By L. L. CAVINESS, Professor of Biblical Languages, Pacific Union College

We all recognize the inroads of Modern­ism even among the clergymen of the popular Christian churches. Do we have a duty to combat this insidious, spreading error? It seems to me that we do.

What is the essence of Modernism ? It con­sists essentially in an application to the Bible and to religion of the theory of evolution. We have long recognized that, as Sabbathkeepers, we must energetically oppose the doctrine of evolution, which, if it were true, would make it impossible for the weekly seventh day to be a memorial of a creation of this world by God in the span of a literal week. There was a time when it was thought sufficient merely to denounce evolution as a false theory, but now the scientists among us undertake to examine the reasons presented for the evolu­tionary theory, decide how far these are facts, show how the real facts do not prove evolution, and give another and better explanation than that offered by the evolutionists.

Should we not as Fundamentalists attempt to perform a similar task in our opposition to the theories of Modernism? Of course we know that Modernism is wrong. But why and where is it wrong? A mere denouncing of Modernism is not sufficient for the protection of our own young people, and it certainly will not help the thousands, yea, hundreds of thousands, who have been deprived of a true belief in divine revelation through its sophistries. Whence comes the Modernistic interpreta­tion of the Bible? The first higher critic, the Frenchman Astruc, tried to apply to the Bible the evolutionary idea of the French scientist Buffon, his contemporary. Astruc's idea was that if evolution is the law of the world of nature, it might well be applied also to the world of religion. In religion, therefore, he contends that we are to see, not a divine revela­tion, but an evolutionary process.

Modernism, then, in its explanation of reli­gion will explain how religion "grew" and "developed." When it comes to the Bible, Modernism claims that we are dealing, not with a divinely inspired record, but with an evolving human evolutionary religious process. The Biblical records must be interpreted so as to eliminate as far as possible everything supernatural, such as miracles and prophecy. This has been done largely in two ways : (I) by attacking the authenticity of the records, and (2) by dating the documents so late as to eliminate almost or entirely the prophetic character of any prophetic statements therein.

The Modernistic attacks on the Bible are manifold, and I would not even attempt to mention them all in this paper. There are, however, six main attacks which we should be ready to combat.

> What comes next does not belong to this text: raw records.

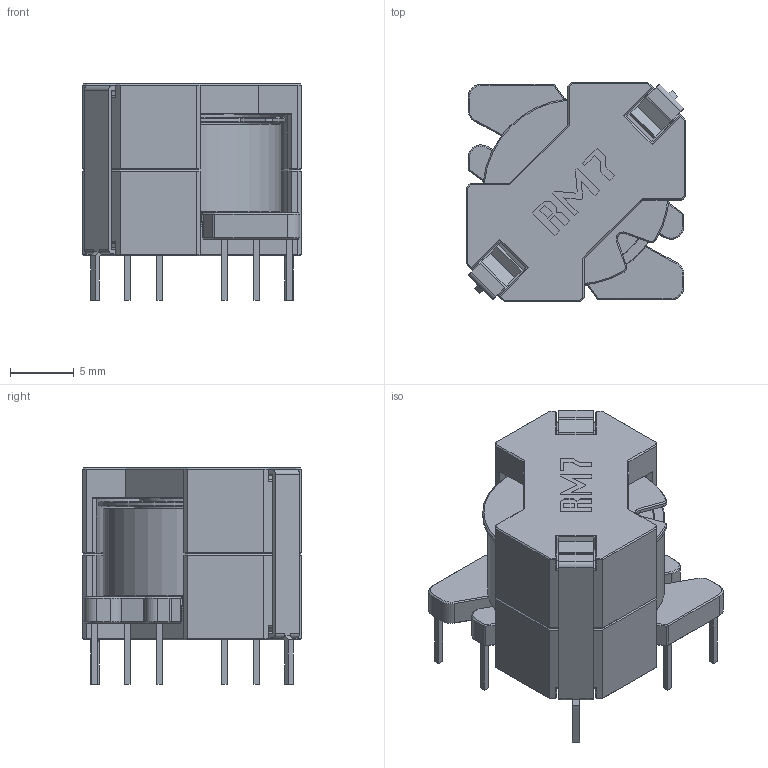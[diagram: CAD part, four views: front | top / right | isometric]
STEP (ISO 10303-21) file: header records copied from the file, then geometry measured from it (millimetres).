
FILE_DESCRIPTION(/* description */ ('model of RM-7_8pin'),/* implementation_level */ '2;1');
FILE_NAME(/* name */ 'RM-7_8pin.stp',/* time_stamp */ '2016-01-08T00:25:52',/* author */ ('Joan The Spark',''),/* organization */ (''),/* preprocessor_version */ '',/* originating_system */ '',/* authorisation */ '');
FILE_SCHEMA (('AUTOMOTIVE_DESIGN { 1 0 10303 214 3 1 1 }'));
Length unit declared in the file: millimetre
Products named in the file (1): RM-7_8pin
Bounding box: 17.2 x 17.2 x 16.98 mm (x, y, z)
Volume: 2749.1 mm3; surface area: 2828.2 mm2
Topology: 1 solids, 1 shells, 522 faces, 1254 edges, 751 vertices
Faces by surface type: plane 445, cone 32, cylinder 30, bspline 15
Full cylindrical faces by diameter (mm): 8.3 x2, 9.13 x2, 12.222 x1, 12.322 x1, 13.818 x1, 13.918 x1
Entity records: 15635 total; most frequent: CARTESIAN_POINT 3170, ORIENTED_EDGE 2484, DIRECTION 2334, EDGE_CURVE 1242, LINE 1104, VECTOR 1104, VERTEX_POINT 747, AXIS2_PLACEMENT_3D 615
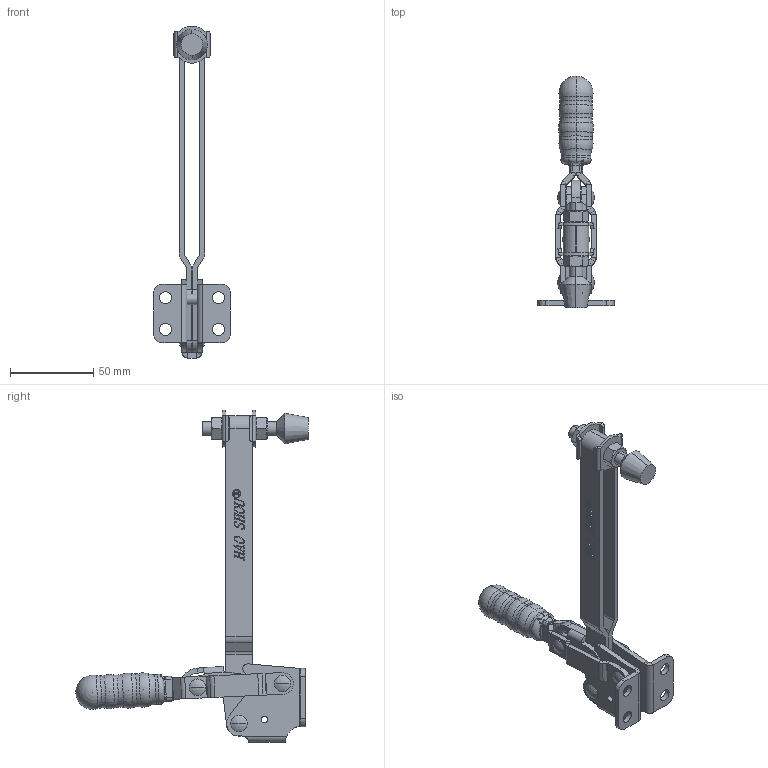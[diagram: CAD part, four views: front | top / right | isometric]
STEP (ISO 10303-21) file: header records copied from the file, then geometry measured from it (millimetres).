
FILE_DESCRIPTION (( 'STEP AP203' ), '1' );
FILE_NAME ('HS-12130-15.STEP', '2019-10-14T11:49:23', ( '微软用户' ), ( '微软中国' ), 'SwSTEP 2.0', 'SolidWorks 2012', '' );
FILE_SCHEMA (( 'CONFIG_CONTROL_DESIGN' ));
Length unit declared in the file: millimetre
Products named in the file (15): HS-12130-15; hex nuts, style 1-grades ab gb_GB_FASTENER_NUT_SNAB1 M8-N; FW-516; 蹟佪; hexagon head bolts-full thread gb_GB_FASTENER_BOLT_STBAB A M8X55-C; 揤輸; 12137-15揤參2; 12130-15揤參1; 2#忒參杶; 傻种; 酗种; 眻忒梟蚾饜极; 忒梟; 蟀裝; 楊擘菁釱
Assembly tree (19 placements, depth 3):
  HS-12130-15
    楊擘菁釱
    蟀裝
    眻忒梟蚾饜极
      忒梟  x2
    酗种  x2
    傻种  x2
    2#忒參杶
    12130-15揤參1
    12137-15揤參2
    蹟佪
      揤輸
      hexagon head bolts-full thread gb_GB_FASTENER_BOLT_STBAB A M8X55-C
    FW-516  x2
    hex nuts, style 1-grades ab gb_GB_FASTENER_NUT_SNAB1 M8-N  x2
Bounding box: 46 x 139.27 x 199.01 mm (x, y, z)
Volume: 64624.7 mm3; surface area: 48919.7 mm2
Topology: 17 solids, 17 shells, 913 faces, 2327 edges, 1473 vertices
Faces by surface type: plane 472, cylinder 201, bspline 168, cone 30, sphere 24, torus 18
Entity records: 34166 total; most frequent: CARTESIAN_POINT 14103, ORIENTED_EDGE 4058, DIRECTION 3337, EDGE_CURVE 2029, VERTEX_POINT 1297, VECTOR 1247, LINE 1247, AXIS2_PLACEMENT_3D 1045

Three deal with the Old Testament: the fragmentary theory of the Pentateuch, the dual authorship of Isaiah, and the Maccabean origin of the book of Daniel. Three attack the New : the Synoptic Gospels, the Gospel of John, and the Revelation.

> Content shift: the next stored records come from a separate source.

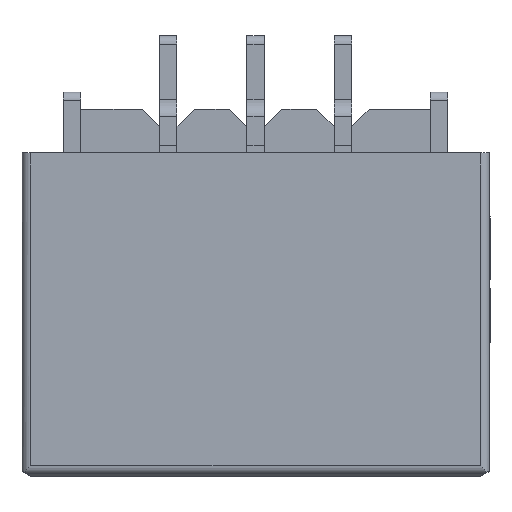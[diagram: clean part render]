
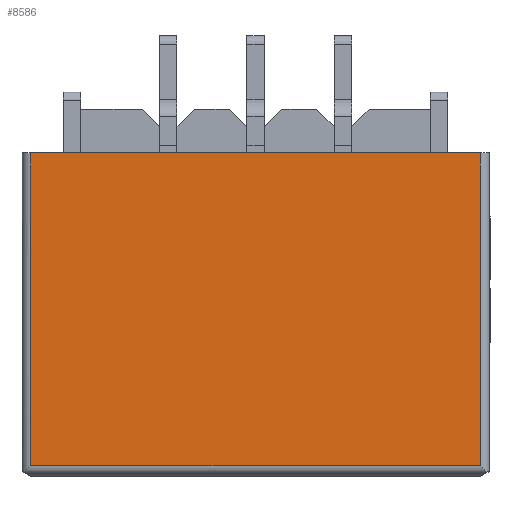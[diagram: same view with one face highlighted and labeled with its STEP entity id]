
A CAD part, top view. The second image highlights one B-rep face of the part: STEP entity #8586.
In plain terms, the highlighted planar face has unit normal (0, 0, 1).
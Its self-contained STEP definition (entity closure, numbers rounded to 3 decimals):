
#560=FACE_OUTER_BOUND('',#1010,.T.);
#1010=EDGE_LOOP('',(#6292,#6293,#6294,#6295));
#1851=LINE('',#12748,#2821);
#1852=LINE('',#12750,#2822);
#1853=LINE('',#12752,#2823);
#1854=LINE('',#12753,#2824);
#2821=VECTOR('',#10357,1.);
#2822=VECTOR('',#10358,1.);
#2823=VECTOR('',#10359,1.);
#2824=VECTOR('',#10360,1.);
#3764=VERTEX_POINT('',#12746);
#3765=VERTEX_POINT('',#12747);
#3766=VERTEX_POINT('',#12749);
#3767=VERTEX_POINT('',#12751);
#4707=EDGE_CURVE('',#3764,#3765,#1851,.T.);
#4708=EDGE_CURVE('',#3765,#3766,#1852,.T.);
#4709=EDGE_CURVE('',#3767,#3766,#1853,.T.);
#4710=EDGE_CURVE('',#3767,#3764,#1854,.T.);
#6292=ORIENTED_EDGE('',*,*,#4707,.T.);
#6293=ORIENTED_EDGE('',*,*,#4708,.T.);
#6294=ORIENTED_EDGE('',*,*,#4709,.F.);
#6295=ORIENTED_EDGE('',*,*,#4710,.T.);
#7812=PLANE('',#9113);
#8586=ADVANCED_FACE('',(#560),#7812,.F.);
#9113=AXIS2_PLACEMENT_3D('',#12745,#10355,#10356);
#10355=DIRECTION('center_axis',(0.,0.,-1.));
#10356=DIRECTION('ref_axis',(-1.,0.,0.));
#10357=DIRECTION('',(1.,0.,0.));
#10358=DIRECTION('',(0.,1.,0.));
#10359=DIRECTION('',(1.,0.,0.));
#10360=DIRECTION('',(0.,-1.,0.));
#12745=CARTESIAN_POINT('Origin',(-0.005,-0.867,3.15));
#12746=CARTESIAN_POINT('',(-2.58,-2.852,3.15));
#12747=CARTESIAN_POINT('',(2.57,-2.852,3.15));
#12748=CARTESIAN_POINT('',(2.67,-2.852,3.15));
#12749=CARTESIAN_POINT('',(2.57,0.733,3.15));
#12750=CARTESIAN_POINT('',(2.57,0.733,3.15));
#12751=CARTESIAN_POINT('',(-2.58,0.733,3.15));
#12752=CARTESIAN_POINT('',(-0.005,0.733,3.15));
#12753=CARTESIAN_POINT('',(-2.58,-2.909,3.15));
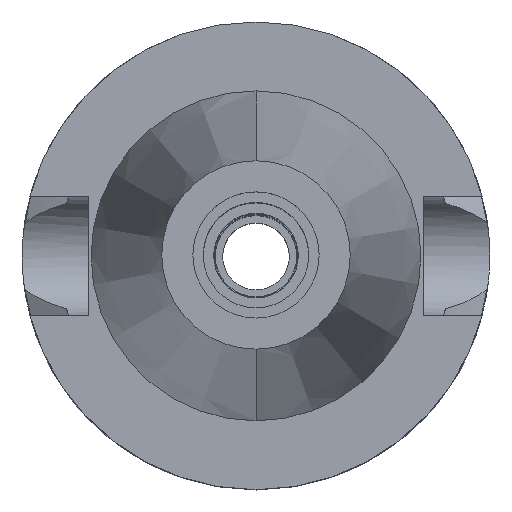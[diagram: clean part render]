
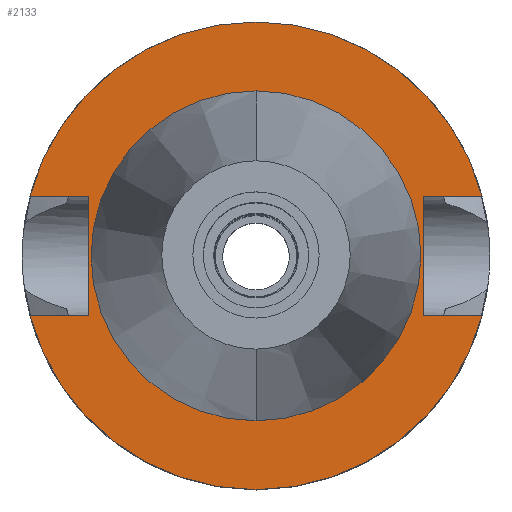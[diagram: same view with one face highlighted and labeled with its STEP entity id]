
A CAD part, top view. The second image highlights one B-rep face of the part: STEP entity #2133.
In plain terms, the highlighted planar face has unit normal (0, 0, 1).
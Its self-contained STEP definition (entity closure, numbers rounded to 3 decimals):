
#872=DIRECTION('',(1.,0.,0.));
#873=VECTOR('',#872,7.954);
#874=CARTESIAN_POINT('',(22.5,8.05,-1.));
#875=LINE('',#874,#873);
#889=DIRECTION('',(0.,1.,0.));
#890=VECTOR('',#889,16.1);
#891=CARTESIAN_POINT('',(22.5,-8.05,-1.));
#892=LINE('',#891,#890);
#926=DIRECTION('',(-1.,0.,0.));
#927=VECTOR('',#926,7.954);
#928=CARTESIAN_POINT('',(-22.5,8.05,-1.));
#929=LINE('',#928,#927);
#933=CARTESIAN_POINT('',(0.,0.,-1.));
#934=DIRECTION('',(0.,0.,-1.));
#935=DIRECTION('',(-0.967,0.256,0.));
#936=AXIS2_PLACEMENT_3D('',#933,#934,#935);
#941=CARTESIAN_POINT('',(0.,0.,-1.));
#942=DIRECTION('',(0.,0.,-1.));
#943=DIRECTION('',(0.,1.,0.));
#944=AXIS2_PLACEMENT_3D('',#941,#942,#943);
#949=DIRECTION('',(1.,0.,0.));
#950=VECTOR('',#949,7.954);
#951=CARTESIAN_POINT('',(22.5,-8.05,-1.));
#952=LINE('',#951,#950);
#956=CARTESIAN_POINT('',(0.,0.,-1.));
#957=DIRECTION('',(0.,0.,-1.));
#958=DIRECTION('',(0.967,-0.256,0.));
#959=AXIS2_PLACEMENT_3D('',#956,#957,#958);
#964=CARTESIAN_POINT('',(0.,0.,-1.));
#965=DIRECTION('',(0.,0.,-1.));
#966=DIRECTION('',(0.,-1.,0.));
#967=AXIS2_PLACEMENT_3D('',#964,#965,#966);
#972=CARTESIAN_POINT('',(0.,0.,-1.));
#973=DIRECTION('',(0.,0.,1.));
#974=DIRECTION('',(0.,-1.,0.));
#975=AXIS2_PLACEMENT_3D('',#972,#973,#974);
#980=CARTESIAN_POINT('',(0.,0.,-1.));
#981=DIRECTION('',(0.,0.,1.));
#982=DIRECTION('',(0.,1.,0.));
#983=AXIS2_PLACEMENT_3D('',#980,#981,#982);
#988=DIRECTION('',(0.,-1.,0.));
#989=VECTOR('',#988,16.1);
#990=CARTESIAN_POINT('',(-22.5,8.05,-1.));
#991=LINE('',#990,#989);
#1025=DIRECTION('',(-1.,0.,0.));
#1026=VECTOR('',#1025,7.954);
#1027=CARTESIAN_POINT('',(-22.5,-8.05,-1.));
#1028=LINE('',#1027,#1026);
#1307=CARTESIAN_POINT('',(-22.5,-8.05,-1.));
#1308=VERTEX_POINT('',#1307);
#1309=CARTESIAN_POINT('',(-30.454,-8.05,-1.));
#1310=VERTEX_POINT('',#1309);
#1313=CARTESIAN_POINT('',(-22.5,8.05,-1.));
#1314=VERTEX_POINT('',#1313);
#1315=CARTESIAN_POINT('',(-30.454,8.05,-1.));
#1316=VERTEX_POINT('',#1315);
#1317=CARTESIAN_POINT('',(0.,31.5,-1.));
#1318=CARTESIAN_POINT('',(30.454,8.05,-1.));
#1319=VERTEX_POINT('',#1317);
#1320=VERTEX_POINT('',#1318);
#1321=CARTESIAN_POINT('',(22.5,8.05,-1.));
#1322=VERTEX_POINT('',#1321);
#1323=CARTESIAN_POINT('',(22.5,-8.05,-1.));
#1324=VERTEX_POINT('',#1323);
#1325=CARTESIAN_POINT('',(30.454,-8.05,-1.));
#1326=VERTEX_POINT('',#1325);
#1327=CARTESIAN_POINT('',(0.,-31.5,-1.));
#1328=VERTEX_POINT('',#1327);
#1329=CARTESIAN_POINT('',(0.,-22.225,-1.));
#1330=CARTESIAN_POINT('',(0.,22.225,-1.));
#1331=VERTEX_POINT('',#1329);
#1332=VERTEX_POINT('',#1330);
#2103=CARTESIAN_POINT('',(0.,0.,-1.));
#2104=DIRECTION('',(0.,0.,-1.));
#2105=DIRECTION('',(0.,-1.,0.));
#2106=AXIS2_PLACEMENT_3D('',#2103,#2104,#2105);
#2107=PLANE('',#2106);
#2109=ORIENTED_EDGE('',*,*,#2108,.F.);
#2110=ORIENTED_EDGE('',*,*,#2046,.T.);
#2112=ORIENTED_EDGE('',*,*,#2111,.T.);
#2114=ORIENTED_EDGE('',*,*,#2113,.T.);
#2115=ORIENTED_EDGE('',*,*,#2080,.F.);
#2116=ORIENTED_EDGE('',*,*,#2093,.F.);
#2118=ORIENTED_EDGE('',*,*,#2117,.T.);
#2120=ORIENTED_EDGE('',*,*,#2119,.T.);
#2122=ORIENTED_EDGE('',*,*,#2121,.T.);
#2124=ORIENTED_EDGE('',*,*,#2123,.F.);
#2125=EDGE_LOOP('',(#2109,#2110,#2112,#2114,#2115,#2116,#2118,#2120,#2122,
#2124));
#2126=FACE_OUTER_BOUND('',#2125,.F.);
#2128=ORIENTED_EDGE('',*,*,#2127,.T.);
#2130=ORIENTED_EDGE('',*,*,#2129,.T.);
#2131=EDGE_LOOP('',(#2128,#2130));
#2132=FACE_BOUND('',#2131,.F.);
#937=CIRCLE('',#936,31.5);
#945=CIRCLE('',#944,31.5);
#960=CIRCLE('',#959,31.5);
#968=CIRCLE('',#967,31.5);
#976=CIRCLE('',#975,22.225);
#984=CIRCLE('',#983,22.225);
#2046=EDGE_CURVE('',#1314,#1316,#929,.T.);
#2080=EDGE_CURVE('',#1322,#1320,#875,.T.);
#2093=EDGE_CURVE('',#1324,#1322,#892,.T.);
#2108=EDGE_CURVE('',#1314,#1308,#991,.T.);
#2111=EDGE_CURVE('',#1316,#1319,#937,.T.);
#2113=EDGE_CURVE('',#1319,#1320,#945,.T.);
#2117=EDGE_CURVE('',#1324,#1326,#952,.T.);
#2119=EDGE_CURVE('',#1326,#1328,#960,.T.);
#2121=EDGE_CURVE('',#1328,#1310,#968,.T.);
#2123=EDGE_CURVE('',#1308,#1310,#1028,.T.);
#2127=EDGE_CURVE('',#1331,#1332,#976,.T.);
#2129=EDGE_CURVE('',#1332,#1331,#984,.T.);
#2133=ADVANCED_FACE('',(#2126,#2132),#2107,.F.);

I have made extended investigation on only one of these six points. When my major professor in Hebrew suggested that I take as a topic for my doctor's dissertation the date and authenticity of the book of Daniel, I hesi­tated. I first objected that I could hardly expect to do anything worthy of acceptance as a doctor's thesis on this topic. That objec­tion was removed when he said that he would be satisfied if I would survey what had been written on the subject, and then come to my Own conclusion from my study of the book of Daniel itself.

I was convinced that a scholarly investiga­tion would but confirm my belief in the early origin rather than the Maccabean origin of the book of Daniel. Knowing that my professor, though a Jew, was a Modernist, I still hesitated to take the topic. I told him that my conclu­sions might not agree with his. When he as­sured me that that was not at all necessary, that it would be sufficient if I did a scholarly piece of work, I accepted the topic assigned me.

The investigation proved well worthwhile to me in itself, outside of the fact that it was a part of the requirement for the degree. Of the committee of experts chosen to examine my thesis, they were all Modernists ; though one was a Catholic, another a Jew, and the third a Protestant. Two of these three voted for me to receive my degree only after a satis­factory revision of my thesis. Five years later while in Germany I obtained permission to use the Hamburg University library. Here I found excellent authorities antedating the spread of higher criticism in Germany. I re­vised my thesis, but I strengthened rather than weakened it. It did not return to this same committee, and I then received my degree.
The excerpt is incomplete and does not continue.